PAOSでは、価値観が多軸化・多様化した成熟社会において、現代企業がデザインを活用し、受け手の美意識を刺激触発することで感動的経営環境を創造する「核・拡デザイン戦略」が必要と考え続けてきました。
核・拡デザイン戦略とは、単なるVI(ビジュアル・アイデンティティ)やブランド戦略を表層的に行うことではなく、「1.政策・方針のデザイン」「2.表現・表象のデザイン」「3.新事業・事業領域のデザイン」「4.理念・企業存立のデザイン」「5.公共的・社会的価値のデザイン」「6.文化的・環境的価値のデザイン」という、6つのデザイン戦略のバランスのとれた実現を指しています。
「デザインはあらゆる分野の共通公分母でなければならない」とは、バウハウスの創設者W.Gropiusの言葉です。デザインを支える基本哲学は、「審美性」「快適性」「安全性」「個性」の確立であり、それらは全ての人工物の存在意義や存在価値を高めるものです。また、イタリアを代表する著名なデザイナーE.Sottosassは、「デザインとは人に花を贈るようなものである」と述べています。花を贈る時には必ず相手の気持ちを考えて選ぶように、デザインは常に受け手発想で、サービス業やホスピタリティ業精神に徹して行うことが大切です。
情報化社会・成熟化社会の進捗の渦中に在る現代企業にとって、工業化社会型に上から下へものを流してく発想はもはや時代遅れであり、受け手発想を持ち顧客の視点や価値観に立つことが、デザインの可能性や有用性の糧となっていきます。
PAOSが40年来主張してきた「核・拡デザイン」発想と戦略は、企業レベルのマーケティング・マネジメント上無視できない経営課題として、時代と共にますます重要性を増してきています。
ここで留意しておかなければならないのは、デザインと言えば短絡的に色・形の世界と捉えてしまいがちなことです。
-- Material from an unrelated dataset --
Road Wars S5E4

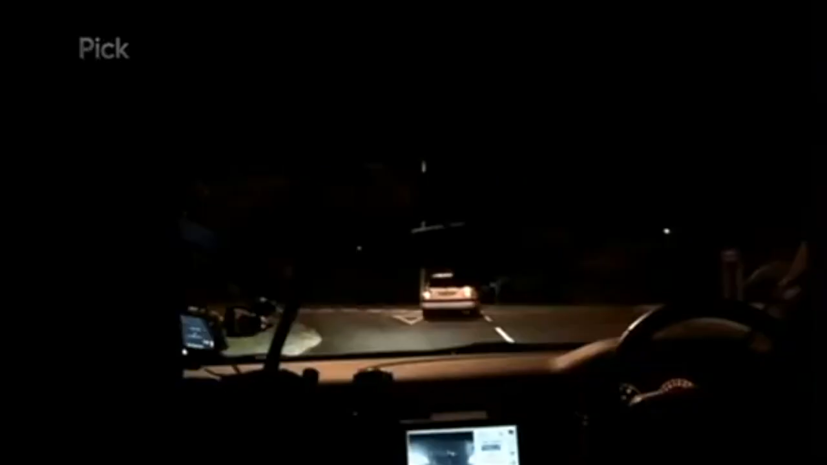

もちろん優れた表現というテーマは最終段階では非常に大切なのですが、表現が最適解として活かされていくために欠かせないのは、その目標となる戦略の策定です。つまり「見えるデザイン」に的確な方向性とパワーを与える「見えないデザイン」こそが重要であり、この6つの戦略軸はまさにそのことを示しています。